Transportation Industry
Atlantic City's trains roll - restoration of train service from East Coast cities
Railway Age, July, 1989 by Robert G. Lewis
Atlantic City's trains roll
One weekend in August, 1904, 70,000 passengers rode on the trains of two competing railroads between Philadelphia/Camden and Atlantic City. It took 98 trains (758 cars) to handle the two-day traffic on what had become America's "speedway." A month earlier a train on the Atlantic City Railroad had made the 55-mile run from Camden to Atlantic City in 43 minutes, averaging 77 mph and reportedly attaining a speed of 115 mph on the tangent just south of Egg Harbor, N.J. (In June two years later the same run was made in just 41 minutes with a special train carrying railroaders to the Master Mechanics Association convention, predecessor of today's Railway Supply Association shows.)
On May 23 this year Amtrak inaugurated regular scheduled service between Philadelphia and Atlantic City, restoring an operation that, after 128 years, had ceased in 1982. A total of 12 trains weekdays and extra runs weekends includes through services daily from both New York and Washington and four Philadelphia-Atlantic City round trips.
All trains are push-pull, in the push mode eastbound with an F-40-PH diesel, Amfleet coaches, a dinette and club car, and a cab-control car rebuilt from the original Penn Central MU Metroliners. Maximum speed over the new line, rebuilt from FRA Class 1 to Class 5 track standards, is 79 mph, except for a 10-mile stretch at the east end of the line, without crossings, where 90 mph is tops.
The track has been completely rebuilt from the New Jersey connection at the east end of Conrail's Delaware River bridge to the new Atlantic City station, a distance of 58 miles. The Conrail connection across the bridge to Amtrak's Corridor line at Frankfort Junction is 2.3 miles. Rail is 132 pounds, welded, on wood ties. There are six long intermediate passing tracks (one is 1.5 miles). Signaling is ctc, controlled from Philadelphia. Locomotives and cab cars are equipped with automatic train control.
The ctc and long sidings will be much needed later, as New Jersey Transit, which participated in financing reconstruction of the line, plans to start commuter operations with 11 trains daily in each direction between Atlantic City and Lindenwold, N.J., connecting there with PATCO's high speed line to Philadelphia. Such service could begin as early as this September or as late as the summer of 1991, depending on when funding can be arranged. The NJ Transit trains will serve local communities and will be scheduled to favor hours of casino workers. Amtrak trains stop intermediately only at Lindenwold, and schedules favor casino visitors.
Local freight service is provided several days a week by the Shore Fast Line.
Diesels are used on the Washington-Atlantic City train to avoid an engine change at Philadelphia. The New York train changes from its AEM-7 electric locomotive to diesel at Frankfort Junction.

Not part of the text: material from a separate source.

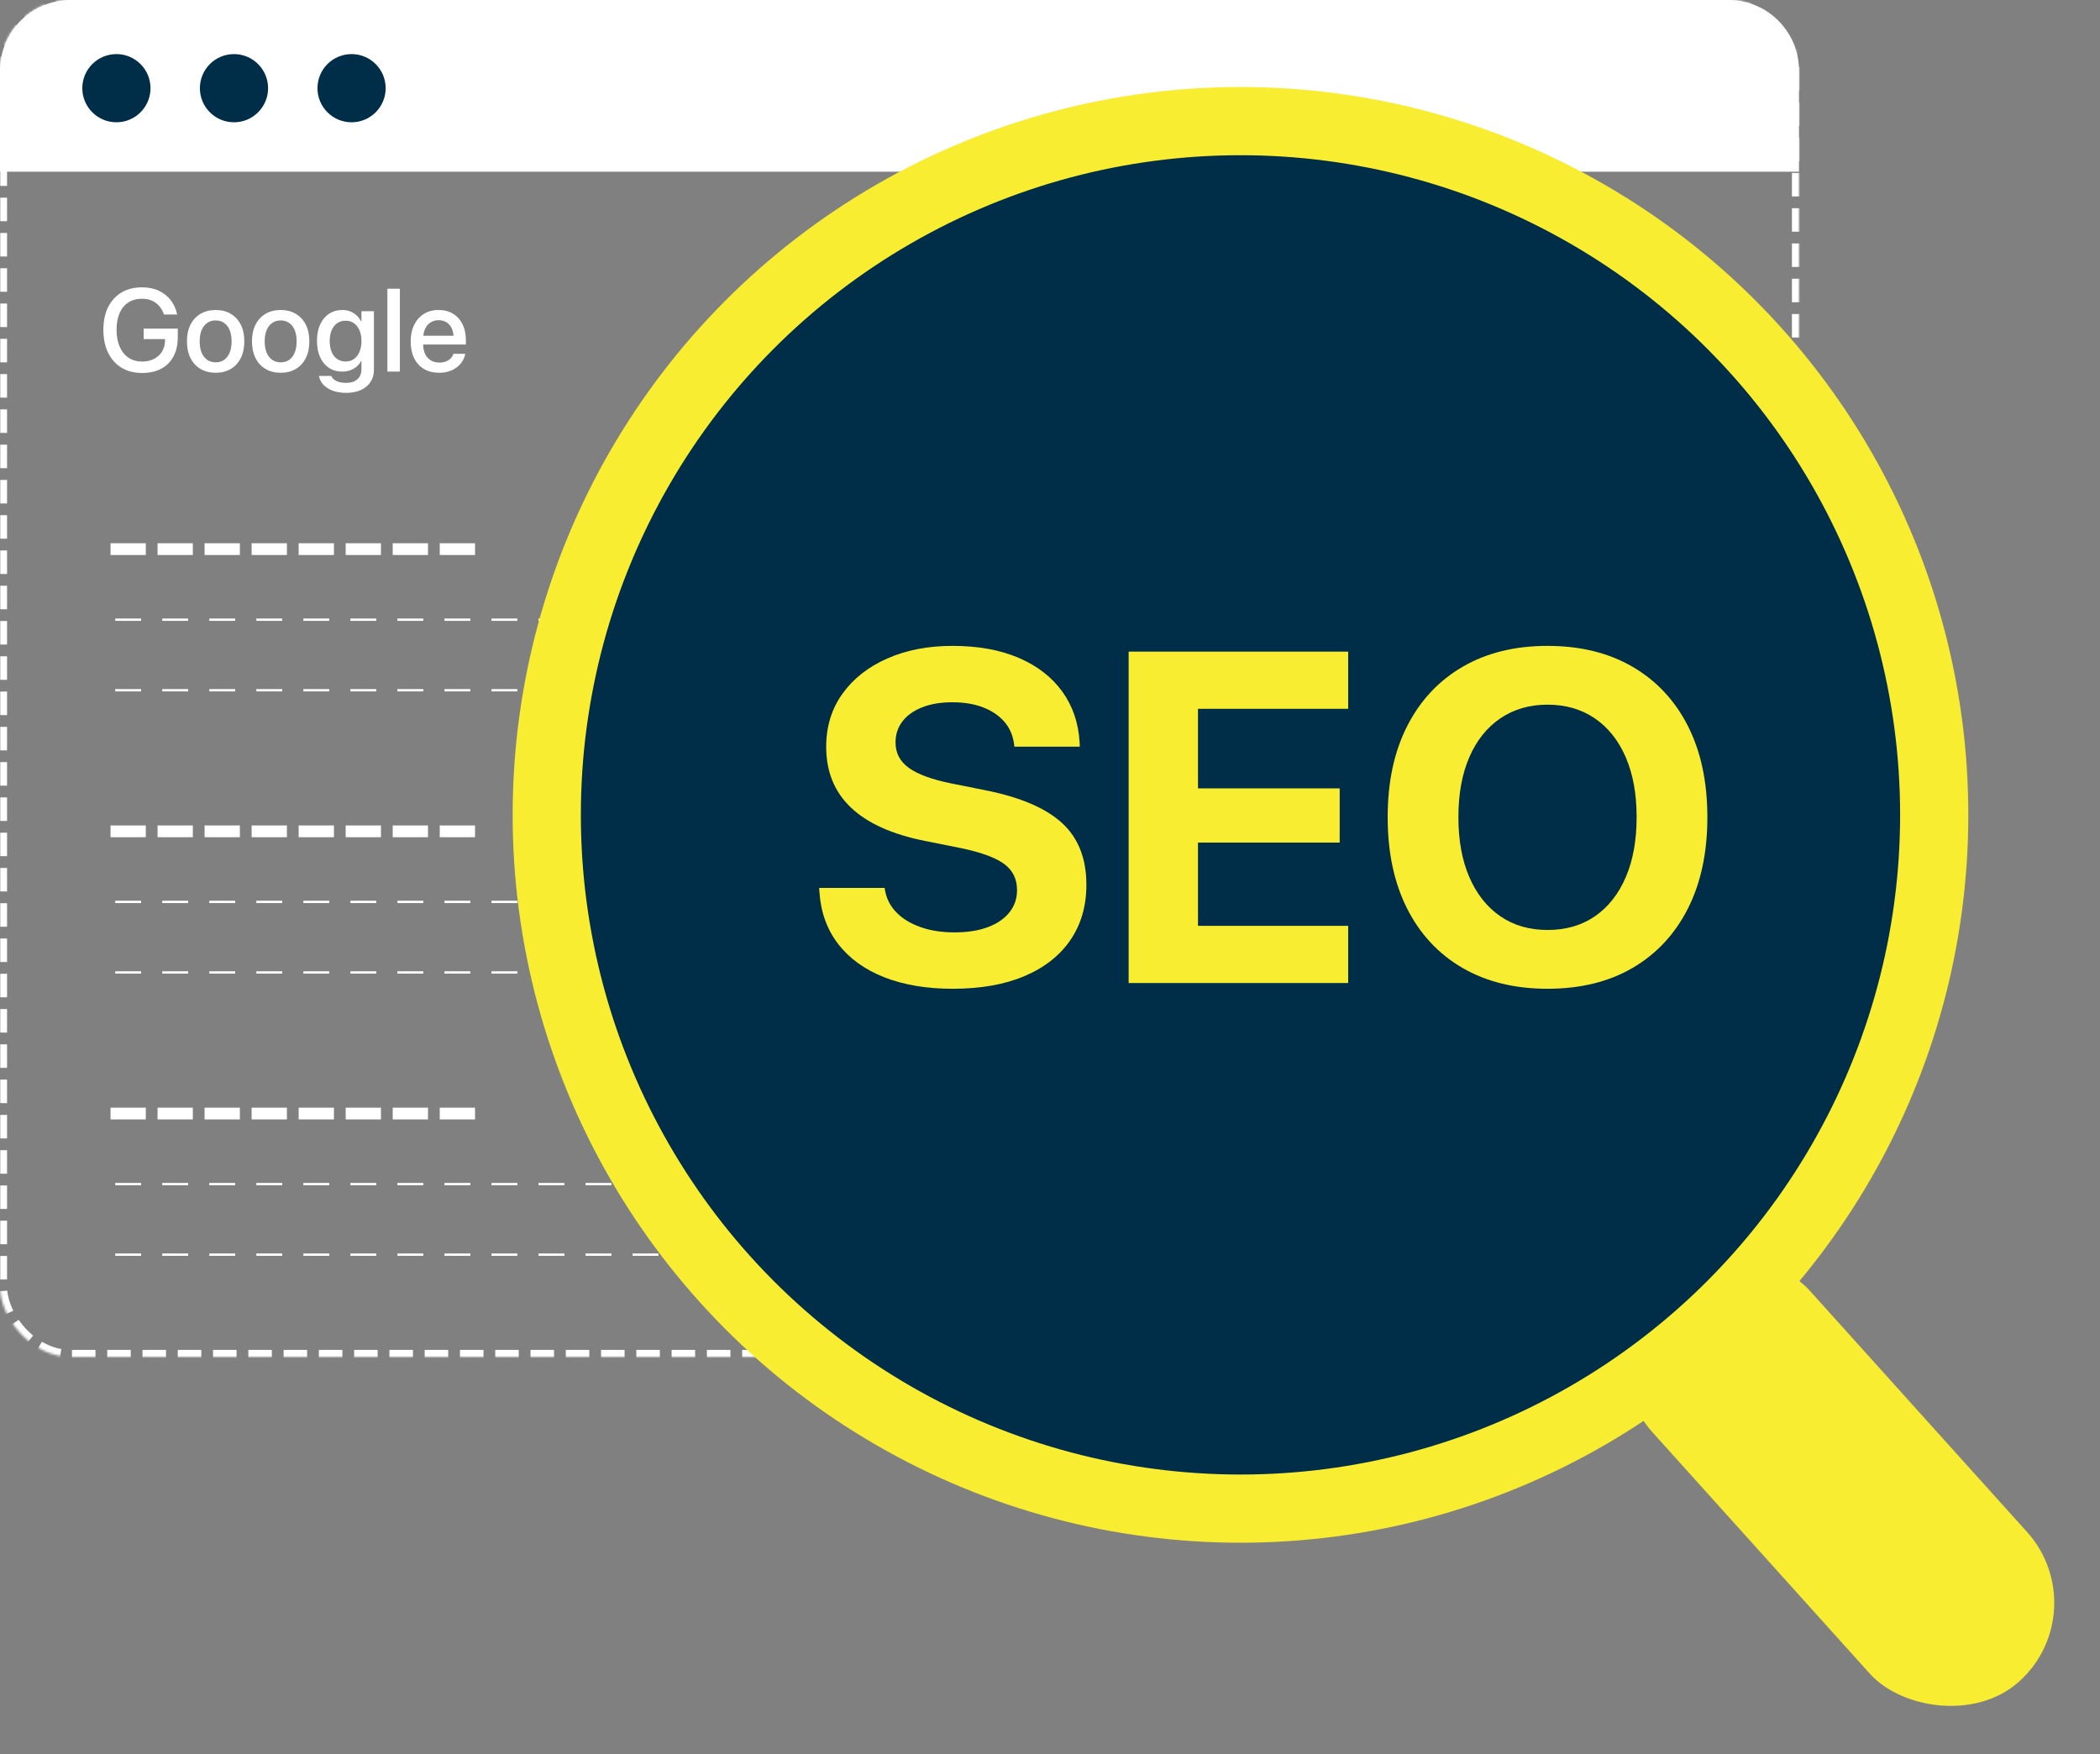 <?xml version="1.0" encoding="UTF-8"?> <svg xmlns="http://www.w3.org/2000/svg" xmlns:xlink="http://www.w3.org/1999/xlink" width="893px" height="746px" viewBox="0 0 893 746" version="1.1"><rect x="0" y="0" width="893" height="746" fill="#808080" stroke="none"/><title>Group</title><defs><rect id="path-1" x="0" y="0" width="765" height="577" rx="30"></rect><mask id="mask-2" maskContentUnits="userSpaceOnUse" maskUnits="objectBoundingBox" x="0" y="0" width="765" height="577" fill="white"><use xlink:href="#path-1"></use></mask></defs><g id="Page-1" stroke="none" stroke-width="1" fill="none" fill-rule="evenodd"><g id="SEO-Problem-1-Copy" transform="translate(-130, -126)"><g id="Group" transform="translate(130, 126)"><use id="Rectangle" stroke="#FFFFFF" mask="url(#mask-2)" stroke-width="6" stroke-dasharray="10,5" xlink:href="#path-1"></use><path d="M30,0 L735,0 C751.569,-3.04359188e-15 765,13.431 765,30 L765,73 L765,73 L0,73 L0,30 C-2.02906125e-15,13.431 13.431,3.04359188e-15 30,0 Z" id="Rectangle" fill="#FFFFFF"></path><rect id="Rectangle" fill="#F9ED32" transform="translate(782.371, 630.271) rotate(-42) translate(-782.371, -630.271) " x="737.371" y="516.271" width="90" height="228" rx="45"></rect><circle id="Oval" fill="#002E48" cx="49.5" cy="37.5" r="14.5"></circle><circle id="Oval-Copy" fill="#002E48" cx="99.5" cy="37.5" r="14.5"></circle><circle id="Oval-Copy-2" fill="#002E48" cx="149.5" cy="37.5" r="14.5"></circle><line x1="49.5" y1="233.5" x2="199.5" y2="233.5" id="Line-11" stroke="#FFFFFF" stroke-width="5" stroke-linecap="square" stroke-dasharray="10,10"></line><line x1="49.5" y1="263.5" x2="527.5" y2="263.5" id="Line-11-Copy" stroke="#FFFFFF" stroke-linecap="square" stroke-dasharray="10,10"></line><line x1="49.5" y1="293.5" x2="527.5" y2="293.5" id="Line-11-Copy-2" stroke="#FFFFFF" stroke-linecap="square" stroke-dasharray="10,10"></line><line x1="49.5" y1="353.5" x2="199.5" y2="353.5" id="Line-11-Copy-5" stroke="#FFFFFF" stroke-width="5" stroke-linecap="square" stroke-dasharray="10,10"></line><line x1="49.5" y1="383.5" x2="527.5" y2="383.5" id="Line-11-Copy-4" stroke="#FFFFFF" stroke-linecap="square" stroke-dasharray="10,10"></line><line x1="49.5" y1="413.5" x2="527.5" y2="413.5" id="Line-11-Copy-3" stroke="#FFFFFF" stroke-linecap="square" stroke-dasharray="10,10"></line><line x1="49.5" y1="473.5" x2="199.5" y2="473.5" id="Line-11-Copy-8" stroke="#FFFFFF" stroke-width="5" stroke-linecap="square" stroke-dasharray="10,10"></line><line x1="49.5" y1="503.5" x2="527.5" y2="503.5" id="Line-11-Copy-7" stroke="#FFFFFF" stroke-linecap="square" stroke-dasharray="10,10"></line><line x1="49.5" y1="533.5" x2="527.5" y2="533.5" id="Line-11-Copy-6" stroke="#FFFFFF" stroke-linecap="square" stroke-dasharray="10,10"></line><circle id="Oval" stroke="#F9ED32" stroke-width="29" fill="#002E48" cx="527.5" cy="346.5" r="295"></circle><g id="SEO" transform="translate(348.348, 274.641)" fill="#F9ED32" fill-rule="nonzero"><path d="M56.836,145.801 C68.685,145.801 78.849,144.002 87.329,140.405 C95.809,136.808 102.311,131.698 106.836,125.073 C111.361,118.449 113.623,110.628 113.623,101.611 L113.623,101.514 C113.623,90.413 110.189,81.698 103.32,75.366 C96.452,69.035 85.628,64.388 70.85,61.426 L55.957,58.447 C47.852,56.787 41.911,54.598 38.135,51.88 C34.359,49.162 32.471,45.573 32.471,41.113 L32.471,41.016 C32.471,37.663 33.439,34.709 35.376,32.153 C37.313,29.598 40.096,27.596 43.726,26.147 C47.355,24.699 51.676,23.975 56.689,23.975 C61.572,23.975 65.885,24.691 69.629,26.123 C73.372,27.555 76.392,29.582 78.687,32.202 C80.981,34.823 82.373,37.988 82.861,41.699 L83.008,42.871 L110.84,42.871 L110.742,41.064 C110.286,32.829 107.837,25.627 103.394,19.458 C98.95,13.289 92.773,8.504 84.863,5.103 C76.953,1.701 67.562,0 56.689,0 C46.305,0 37.069,1.782 28.979,5.347 C20.89,8.911 14.543,13.892 9.937,20.288 C5.33,26.685 3.011,34.18 2.979,42.773 L2.979,42.871 C2.979,53.483 6.494,62.118 13.525,68.774 C20.557,75.431 31.006,80.143 44.873,82.91 L59.766,85.889 C68.522,87.679 74.772,89.925 78.516,92.627 C82.259,95.329 84.131,99.056 84.131,103.809 L84.131,103.906 C84.131,107.487 83.049,110.628 80.884,113.33 C78.719,116.032 75.659,118.123 71.704,119.604 C67.749,121.086 63.037,121.826 57.568,121.826 C52.23,121.826 47.453,121.094 43.237,119.629 C39.022,118.164 35.596,116.105 32.959,113.452 C30.322,110.799 28.678,107.666 28.027,104.053 L27.832,102.93 L0,102.93 L0.098,104.541 C0.651,113.167 3.304,120.565 8.057,126.733 C12.809,132.902 19.336,137.622 27.637,140.894 C35.938,144.165 45.671,145.801 56.836,145.801 Z" id="Path"></path><polygon id="Path" points="131.592 143.359 224.951 143.359 224.951 119.043 161.084 119.043 161.084 83.643 221.338 83.643 221.338 60.596 161.084 60.596 161.084 26.758 224.951 26.758 224.951 2.441 131.592 2.441"></polygon><path d="M309.717,145.801 C323.714,145.801 335.783,142.839 345.923,136.914 C356.063,130.99 363.892,122.583 369.409,111.694 C374.927,100.806 377.686,87.891 377.686,72.949 L377.686,72.754 C377.686,57.812 374.927,44.914 369.409,34.058 C363.892,23.201 356.047,14.811 345.874,8.887 C335.701,2.962 323.649,0 309.717,0 C295.85,0 283.83,2.954 273.657,8.862 C263.485,14.771 255.623,23.161 250.073,34.033 C244.523,44.906 241.748,57.812 241.748,72.754 L241.748,72.949 C241.748,87.891 244.507,100.814 250.024,111.719 C255.542,122.624 263.387,131.03 273.56,136.938 C283.732,142.847 295.785,145.801 309.717,145.801 Z M309.717,120.801 C302.002,120.801 295.312,118.856 289.648,114.966 C283.984,111.076 279.598,105.55 276.489,98.389 C273.381,91.227 271.826,82.747 271.826,72.949 L271.826,72.754 C271.826,62.891 273.381,54.395 276.489,47.266 C279.598,40.137 284.001,34.644 289.697,30.786 C295.394,26.929 302.067,25 309.717,25 C317.432,25 324.129,26.937 329.81,30.811 C335.49,34.684 339.876,40.194 342.969,47.339 C346.061,54.484 347.607,62.956 347.607,72.754 L347.607,72.949 C347.607,82.682 346.077,91.13 343.018,98.291 C339.958,105.452 335.604,110.994 329.956,114.917 C324.308,118.84 317.562,120.801 309.717,120.801 Z" id="Shape"></path></g><g id="Google" transform="translate(43.966, 122.176)" fill="#FFFFFF" fill-rule="nonzero"><path d="M16.442,36.419 C19.634,36.419 22.36,35.811 24.621,34.597 C26.881,33.382 28.615,31.636 29.823,29.361 C31.03,27.085 31.634,24.356 31.634,21.173 L31.634,17.569 L17.12,17.569 L17.12,22.026 L26.219,22.026 L26.21,22.611 C26.189,24.39 25.767,25.951 24.944,27.297 C24.122,28.642 22.983,29.689 21.529,30.437 C20.075,31.186 18.394,31.561 16.487,31.561 C14.255,31.561 12.326,31.018 10.698,29.932 C9.069,28.847 7.813,27.291 6.929,25.265 C6.044,23.239 5.602,20.828 5.602,18.031 L5.602,18.007 C5.602,15.258 6.035,12.902 6.901,10.938 C7.767,8.975 9.006,7.47 10.62,6.425 C12.233,5.381 14.157,4.858 16.393,4.858 C18.688,4.858 20.622,5.421 22.195,6.547 C23.769,7.673 24.92,9.254 25.651,11.29 L25.744,11.554 L31.379,11.554 L31.274,11.13 C30.794,8.999 29.902,7.097 28.598,5.424 C27.294,3.751 25.619,2.429 23.573,1.457 C21.527,0.486 19.13,0 16.384,0 C13.05,0 10.156,0.732 7.703,2.196 C5.251,3.66 3.353,5.737 2.012,8.427 C0.671,11.117 0,14.317 0,18.029 L0,18.053 C0,21.827 0.671,25.086 2.014,27.83 C3.357,30.575 5.259,32.693 7.719,34.183 C10.179,35.674 13.087,36.419 16.442,36.419 Z" id="Path"></path><path d="M47.736,36.33 C50.191,36.33 52.33,35.792 54.153,34.715 C55.976,33.637 57.395,32.103 58.408,30.111 C59.421,28.119 59.927,25.746 59.927,22.99 L59.927,22.941 C59.927,20.192 59.419,17.824 58.401,15.839 C57.384,13.854 55.96,12.325 54.13,11.251 C52.299,10.178 50.162,9.641 47.717,9.641 C45.288,9.641 43.158,10.178 41.328,11.253 C39.498,12.328 38.074,13.859 37.057,15.846 C36.039,17.833 35.53,20.198 35.53,22.941 L35.53,22.99 C35.53,25.729 36.036,28.098 37.048,30.097 C38.059,32.095 39.48,33.634 41.31,34.712 C43.14,35.791 45.282,36.33 47.736,36.33 Z M47.761,31.899 C46.383,31.899 45.183,31.55 44.163,30.851 C43.142,30.152 42.349,29.138 41.786,27.807 C41.223,26.477 40.941,24.871 40.941,22.99 L40.941,22.941 C40.941,21.063 41.224,19.466 41.788,18.148 C42.353,16.831 43.146,15.823 44.167,15.122 C45.188,14.422 46.371,14.072 47.717,14.072 C49.089,14.072 50.285,14.419 51.306,15.112 C52.327,15.806 53.117,16.815 53.677,18.139 C54.236,19.462 54.516,21.063 54.516,22.941 L54.516,22.99 C54.516,24.871 54.238,26.477 53.681,27.807 C53.125,29.138 52.343,30.152 51.335,30.851 C50.327,31.55 49.136,31.899 47.761,31.899 Z" id="Shape"></path><path d="M75.386,36.33 C77.841,36.33 79.979,35.792 81.803,34.715 C83.626,33.637 85.045,32.103 86.058,30.111 C87.071,28.119 87.577,25.746 87.577,22.99 L87.577,22.941 C87.577,20.192 87.068,17.824 86.051,15.839 C85.033,13.854 83.61,12.325 81.779,11.251 C79.949,10.178 77.812,9.641 75.366,9.641 C72.937,9.641 70.808,10.178 68.978,11.253 C67.148,12.328 65.724,13.859 64.706,15.846 C63.689,17.833 63.18,20.198 63.18,22.941 L63.18,22.99 C63.18,25.729 63.686,28.098 64.697,30.097 C65.709,32.095 67.13,33.634 68.96,34.712 C70.79,35.791 72.932,36.33 75.386,36.33 Z M75.411,31.899 C74.033,31.899 72.833,31.55 71.812,30.851 C70.791,30.152 69.999,29.138 69.436,27.807 C68.873,26.477 68.591,24.871 68.591,22.99 L68.591,22.941 C68.591,21.063 68.873,19.466 69.438,18.148 C70.003,16.831 70.796,15.823 71.817,15.122 C72.838,14.422 74.021,14.072 75.366,14.072 C76.738,14.072 77.935,14.419 78.956,15.112 C79.977,15.806 80.767,16.815 81.327,18.139 C81.886,19.462 82.166,21.063 82.166,22.941 L82.166,22.99 C82.166,24.871 81.888,26.477 81.331,27.807 C80.775,29.138 79.992,30.152 78.985,30.851 C77.977,31.55 76.786,31.899 75.411,31.899 Z" id="Shape"></path><path d="M103.256,44.875 C105.67,44.875 107.759,44.469 109.522,43.656 C111.285,42.842 112.645,41.704 113.603,40.242 C114.56,38.779 115.039,37.068 115.039,35.107 L115.039,10.147 L109.735,10.147 L109.735,14.511 L109.615,14.511 C109.112,13.537 108.469,12.686 107.686,11.958 C106.902,11.23 106.003,10.662 104.988,10.254 C103.973,9.845 102.857,9.641 101.641,9.641 C99.471,9.641 97.578,10.176 95.961,11.246 C94.344,12.315 93.084,13.829 92.182,15.788 C91.281,17.746 90.83,20.072 90.83,22.765 L90.83,22.79 C90.83,25.45 91.272,27.758 92.158,29.712 C93.043,31.665 94.291,33.176 95.9,34.243 C97.509,35.311 99.388,35.844 101.538,35.844 C102.774,35.844 103.912,35.656 104.951,35.28 C105.991,34.903 106.907,34.377 107.7,33.701 C108.493,33.025 109.133,32.219 109.619,31.284 L109.735,31.284 L109.735,34.813 C109.735,36.594 109.172,38.01 108.047,39.059 C106.922,40.108 105.316,40.632 103.229,40.632 C101.591,40.632 100.233,40.376 99.155,39.863 C98.078,39.351 97.359,38.688 96.997,37.875 L96.908,37.673 L91.655,37.673 L91.699,37.893 C91.958,39.2 92.582,40.382 93.57,41.44 C94.557,42.497 95.87,43.334 97.506,43.951 C99.143,44.567 101.059,44.875 103.256,44.875 Z M103.03,31.548 C101.649,31.548 100.447,31.195 99.424,30.491 C98.4,29.786 97.614,28.784 97.065,27.485 C96.515,26.186 96.241,24.64 96.241,22.848 L96.241,22.824 C96.241,21.052 96.516,19.522 97.067,18.232 C97.618,16.943 98.404,15.946 99.426,15.243 C100.448,14.54 101.649,14.188 103.03,14.188 C104.361,14.188 105.53,14.543 106.539,15.253 C107.547,15.963 108.334,16.963 108.898,18.254 C109.462,19.545 109.744,21.07 109.744,22.828 L109.744,22.853 C109.744,24.608 109.462,26.138 108.9,27.442 C108.337,28.746 107.554,29.757 106.551,30.473 C105.548,31.189 104.374,31.548 103.03,31.548 Z" id="Shape"></path><polygon id="Path" points="120.767 35.824 126.072 35.824 126.072 0.595 120.767 0.595"></polygon><path d="M142.797,36.33 C144.357,36.33 145.768,36.12 147.033,35.699 C148.297,35.277 149.4,34.698 150.343,33.962 C151.286,33.225 152.049,32.39 152.633,31.456 C153.216,30.523 153.612,29.55 153.821,28.538 L153.874,28.28 L148.831,28.28 L148.767,28.473 C148.552,29.119 148.182,29.709 147.656,30.243 C147.129,30.777 146.467,31.203 145.668,31.521 C144.87,31.839 143.951,31.998 142.913,31.998 C141.49,31.998 140.259,31.684 139.219,31.056 C138.18,30.428 137.378,29.524 136.814,28.344 C136.25,27.164 135.968,25.743 135.968,24.081 L135.968,22.029 C135.968,20.288 136.253,18.817 136.822,17.617 C137.391,16.417 138.173,15.51 139.166,14.895 C140.16,14.281 141.287,13.974 142.549,13.974 C143.81,13.974 144.924,14.268 145.891,14.855 C146.858,15.443 147.617,16.334 148.166,17.527 C148.715,18.72 148.99,20.221 148.99,22.029 L148.99,24.073 L151.59,20.584 L133.298,20.584 L133.298,24.335 L154.156,24.335 L154.156,22.539 C154.156,19.964 153.687,17.708 152.748,15.769 C151.81,13.831 150.471,12.325 148.73,11.251 C146.99,10.178 144.92,9.641 142.519,9.641 C140.119,9.641 138.032,10.199 136.259,11.316 C134.486,12.432 133.111,13.996 132.134,16.008 C131.157,18.02 130.668,20.364 130.668,23.041 L130.668,23.066 C130.668,25.766 131.154,28.111 132.126,30.099 C133.098,32.087 134.49,33.623 136.304,34.706 C138.118,35.789 140.282,36.33 142.797,36.33 Z" id="Path"></path></g></g></g></g></svg>

Under the law, amtrak has two years to make the service cover its cost. That would require around 3,800 riders a day. By early June, the trains were carrying around 2,000 passengers daily. Atlantic City's casinos continued to offer incentives to visitors arriving by auto or bus--free rolls of quarters, free parking, meal and gas vouchers--but showed no disposition to offer similar incentives to Amtrak riders, who had the added disadvantage of having to pay $5 (round trip) for a bus between the train station and the casinos. Amtrak said it was looking at new ways to promote the service and hoped that arrangements more favorable to its riders could be worked out with one or more casinos.